The Saudi influence is really at the heart of the Taliban movement and of the current difficulties that the Pakistani government is having with radical insurgency. Today, the government claims to have retaken the city of Mingora in the Swat Valley. Swat Valley used to be a prime vacation spot for outdoorsmen, but now it is a battleground. It didn’t have to be this way. How did this happen?
It happened because it was easier for the Pakistani government to let the Saudis fund their education budget than for them to do it themselves. Slowly, but surely, the youth of northern Pakistan were radicalized and readied for martyrdom. That might have worked for Pakistan as long as the young mujahideen could be sent to Kashmir or Afghanistan or Chechnya, but now they are being sent south towards the capital, Islamabad.
It is a bitter irony that the least modern, tolerant brand of Islam is controlled and exported by the nation that has both physical control of Mecca and Medina, and control of the largest oil reserves on the planet. No single big-hearted, eccentric American ever stood a chance in a competition with the House of Saud for the hearts and minds of the impressionable youth of upland Pakistan. The United States government probably knows that the real battle in the so-called war on terror is over who will provide the lion’s share of education funding for Pakistan. But, even though we can build six schools for the price of one drone-delivered missile, the schools can’t create one American job while the missile can sustain several.

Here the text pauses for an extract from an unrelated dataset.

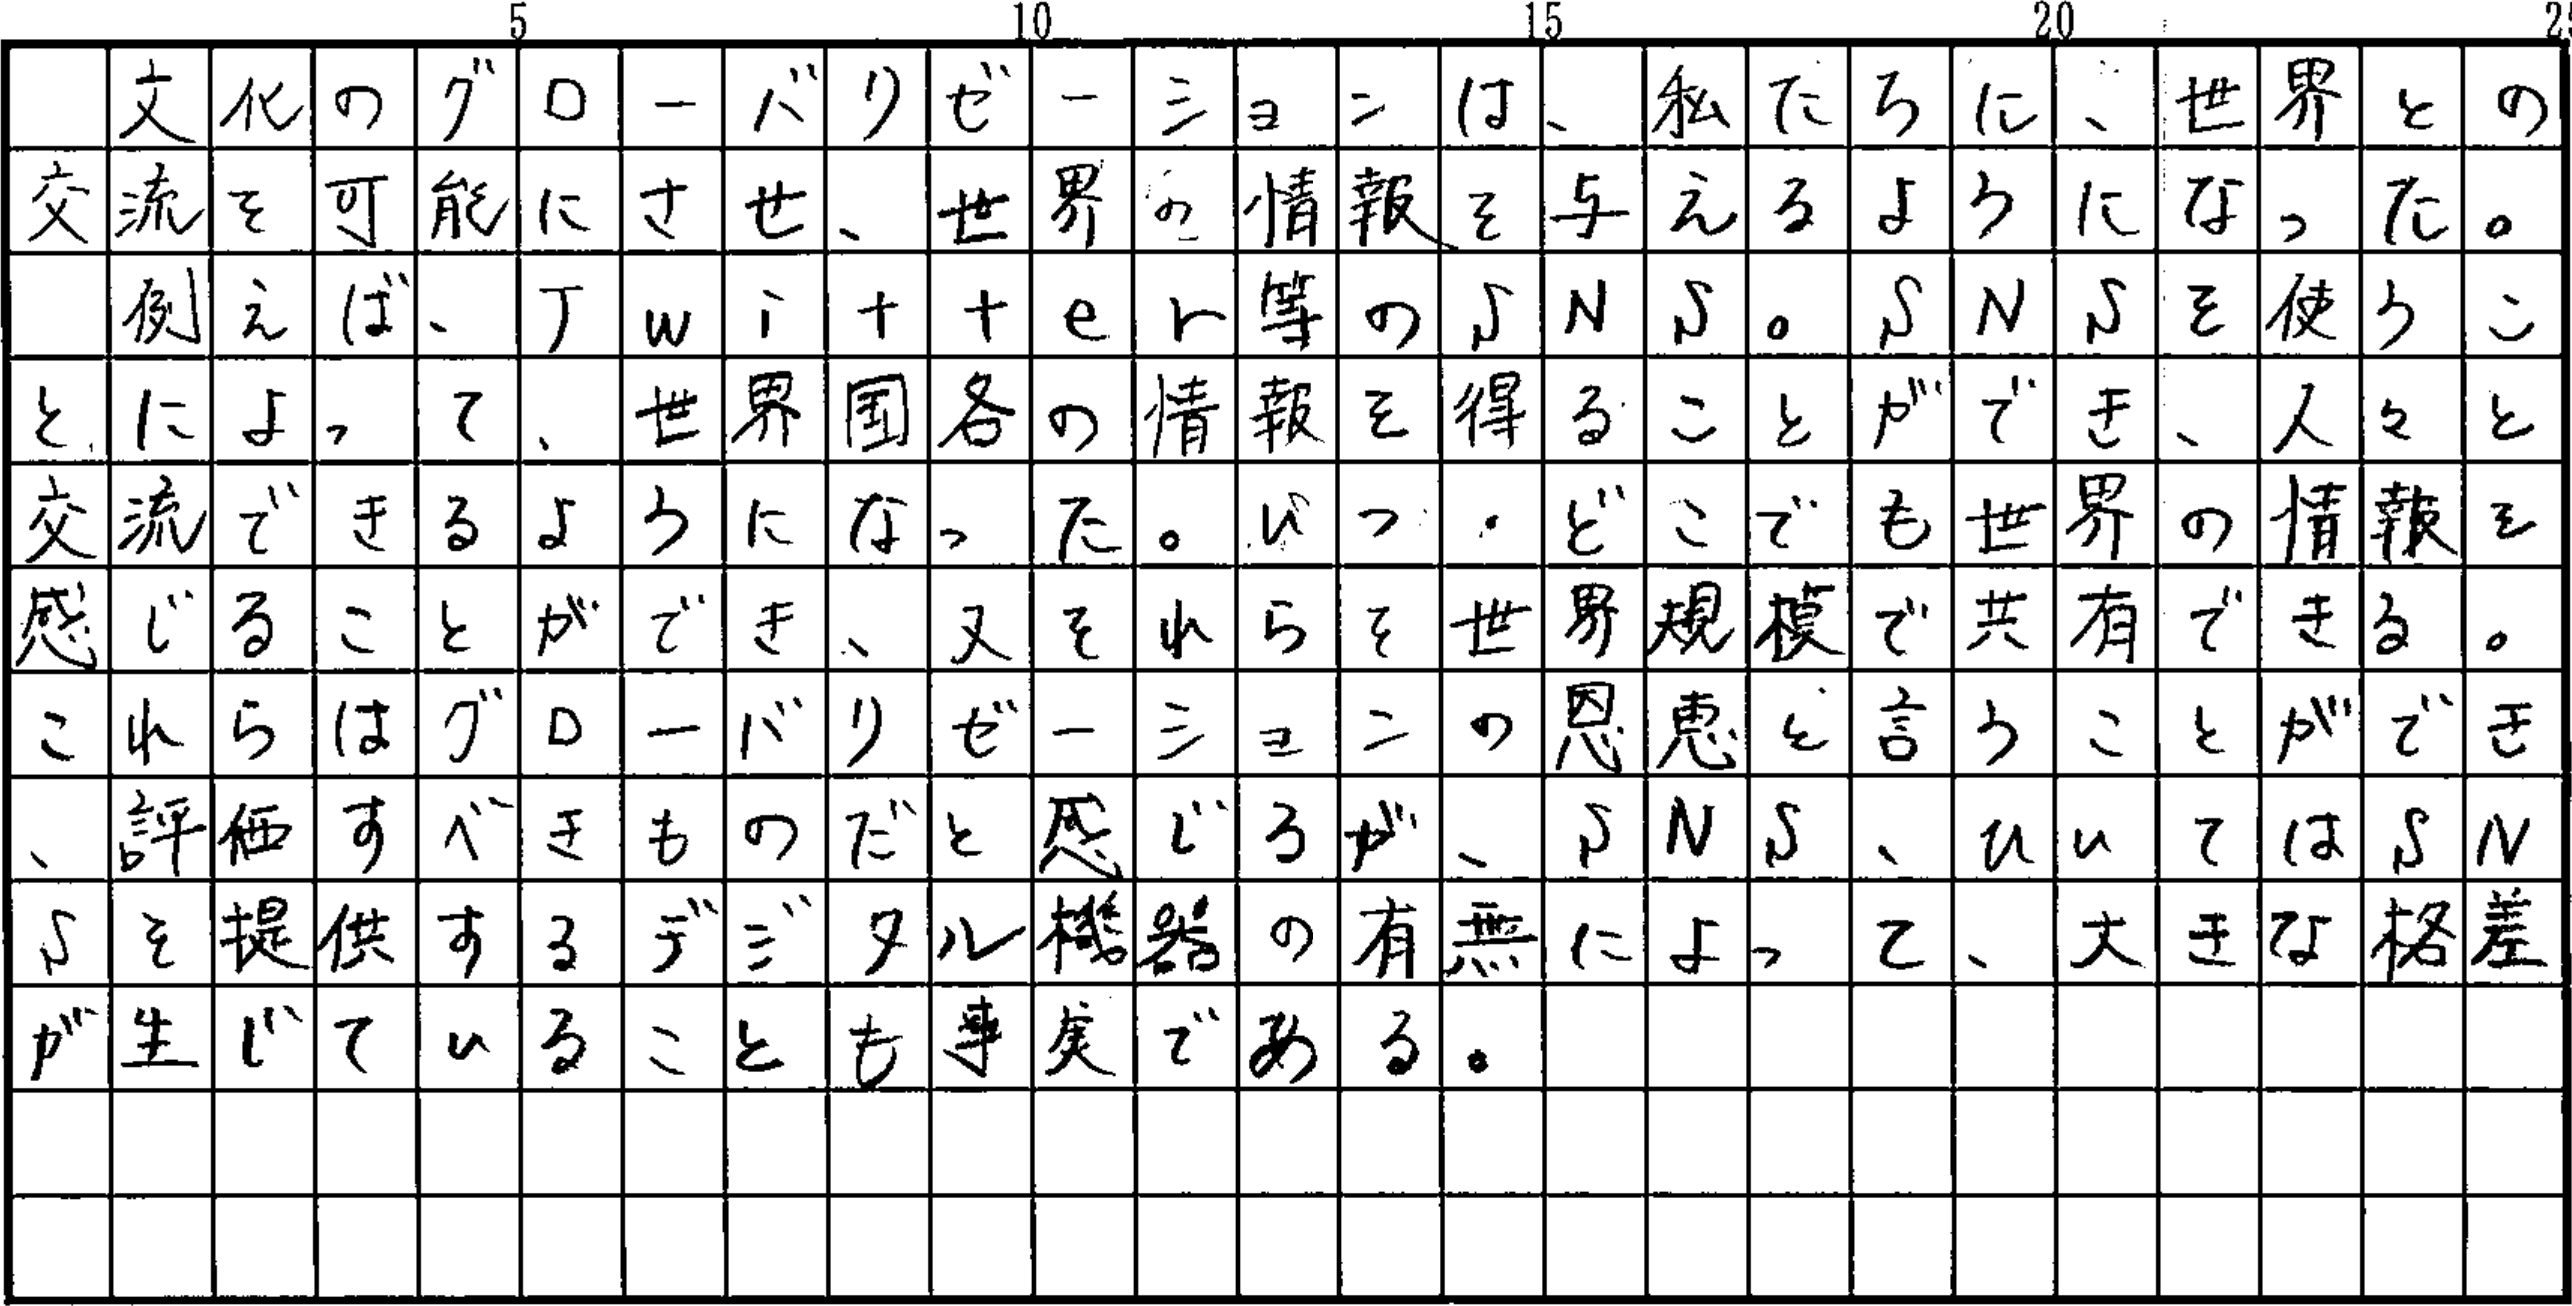　文化のグローバリゼーションは、私たちに、世界との交流を可能にさせ、世界の情報を与えるようになった。
　例えば、Ｔｗｉｔｔｅｒ等のＳＮＳ。ＳＮＳを使うことによって、世界国各の情報を得ることができ、人々と交流できるようになった。いつ・どこでも世界の情報を感じることができ、又それらを世界規模で共有できる。これらはグローバリゼーションの恩恵と言うことができ、評価すべきものだと感じるが、ＳＮＳ、ひいてはＳＮＳを提供するデジタル機器の有無によって、大きな格差が生じていることも事実である。

I truly believe that there are simple solutions available to us that can lesson the threat of terrorism at a low cost, but our government doesn’t seem interested. Let’s help Pakistan educate their youth. Let’s start with that.
I wonder how many people could have been educated for the price of the nukes the Pakistanis chose to build. What a waste.
Governments cannot build schools in other countries without being suspect, which is why Saudi aid in Pakistan is so instructive. Folks have good reason to be suspect.
Even foreign nationals working for non-governmental organizations (NGO’s), such as described in Three Cups of Tea, are not without suspicion and must take a long time to establish their credentials.
Adding to the complications is the debate over what constitutes a good education for the population. The Saudi view is theocratic, western views are scientific, other views might have to do with traditional culture. Indeed we see this conflict in the US over such things as the teaching of evolution. Debates are inherently political. Delivering education services in other countries is not a technocratic enterprise of building a school and hiring teachers.
By contrast, for governments military expenditures are much simpler, given enough fear in the country. The political contentions are between those who have an economic stake in building military equipment and between officers vying for higher pay and political power through promotion. Which is why in Pakistan and elsewhere military dictatorships come to power through accusation of corruption of civilian governments. It’s not that the military is not corrupt, it’s that people tolerate corruption in the military more; it’s the price of security.
It’s a whacked way of looking at it, but there it is.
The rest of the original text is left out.